Pain And Growth


I've been having a bit of a reality check lately, we all have to have them time to time... I guess it's a way for us to grow.  Why does growing always seem to involve pain, I know once you grow from it that life can be so amazing but going through the pain can sometimes be unbearable.

I guess that is why people always try to hide the pain, they can't deal with it... I am one of those people that try to hide the pain, what has it ever accomplished for me, nothing.  I still have the pain, I just covered it for a short while with whatever... It didn't take it away, it always returns, the only way for it go away it to deal with it.

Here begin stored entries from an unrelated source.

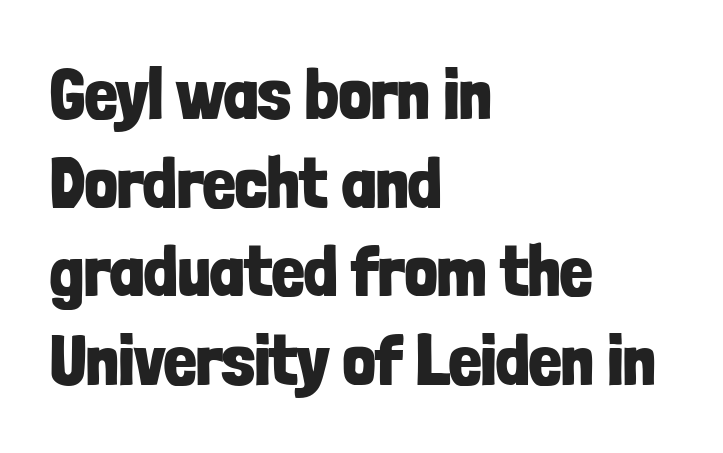
The image shows 72 px bold, condensed sans-serif type, upright; set left-aligned, line spacing 1.23x, normal letter spacing, not underlined; low stroke contrast and a medium x-height.
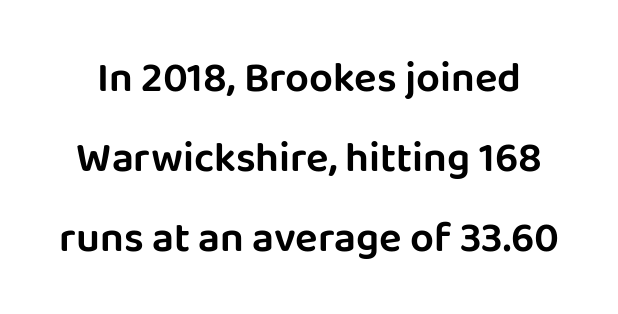
Q: Is the text italic (slanted)? A: No, it is upright.
Q: Is the typeface a serif or a sans-serif typeface? A: Sans-serif.
Q: Is the text underlined? A: No.
Q: Is the spacing between letters normal or unusually wide? A: Normal.
Q: Is the spacing between lines tight, normal or loose? A: Loose.
Q: Width (condensed, normal, or wide)? A: Normal.
Q: Stroke contrast? A: Low.
Q: x-height? A: Large.
Q: Monospaced? A: No.
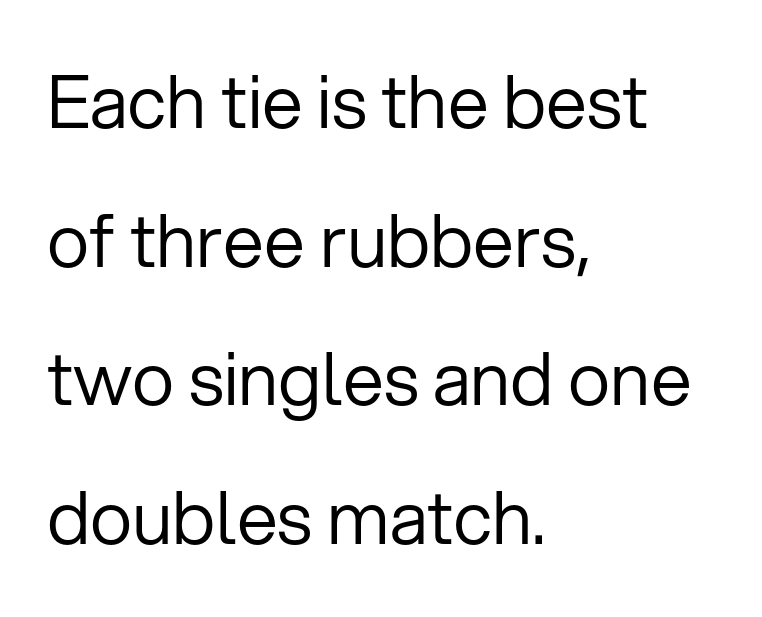
Q: Is the text bold? A: No.
Q: Is the text italic (slanted)? A: No, it is upright.
Q: Is the typeface a serif or a sans-serif typeface? A: Sans-serif.
Q: Is the text underlined? A: No.
Q: How is the paragraph aligned? A: Left-aligned.
Q: Is the spacing between letters normal or unusually wide? A: Normal.
Q: Is the spacing between lines tight, normal or loose? A: Loose.
Q: Width (condensed, normal, or wide)? A: Normal.
Q: Stroke contrast? A: Low.
Q: x-height? A: Medium.
Q: Monospaced? A: No.
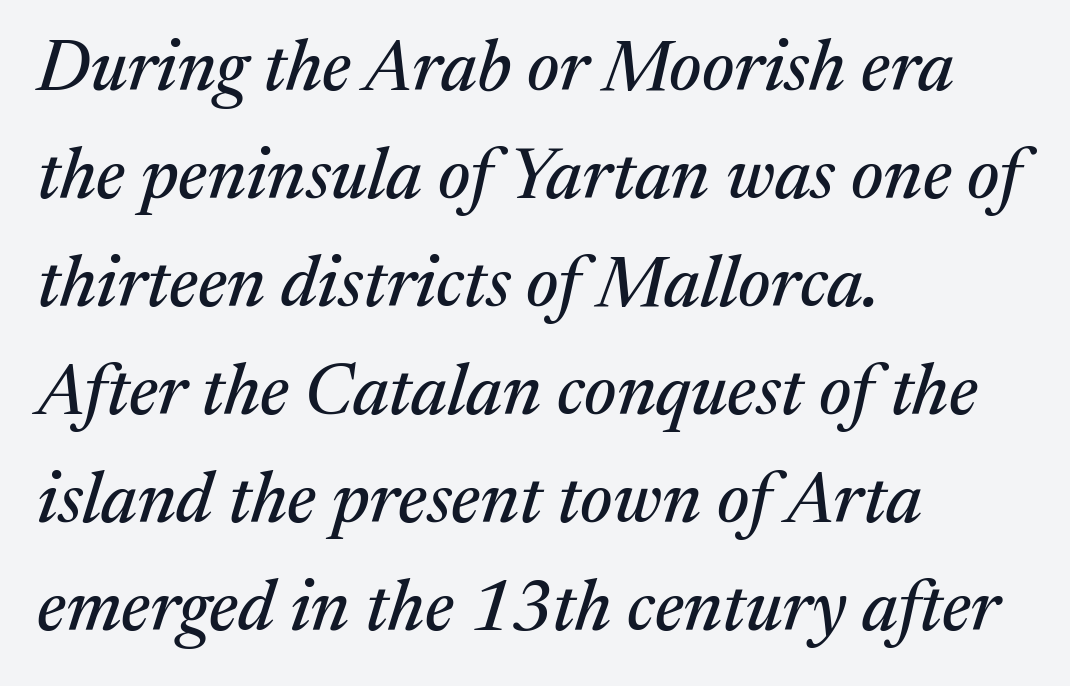
The image shows 71 px serif type, italic (leaning right); set left-aligned, normal line spacing (1.52x), normal letter spacing, not underlined; medium stroke contrast and a medium x-height.

Hmmm, I just wish it was easier, it never is though.  I have taken some wrong paths in my life that have lead to painful growth that has brought so much joy when I walked through the pain.  I don't do that enough, I try so hard to cover it.  Because I had a setback, I failed to remember how blessed I am... all I could think of was the loss.

It is so true that whatever you focus comes into your life, I need to focus on the wonderful things I have and try to get past the loss.  There has to be away, I have dealt with it in the past, this one is just so much harder.  I guess that means great things are waiting for me to get myself together and walk through the pain to a joy I can not even imagine.

I need to do a gratitude blog, when I do that I remember how blessed I am, I also need to talk and pour my heart and thoughts out to a very close friend.  I really believe that the path to love is only found when being honest and open.  If there is anything less in a relationship, it's not a relationship that is worth salvaging.  I have learned that the hard way, at least I've learned it though.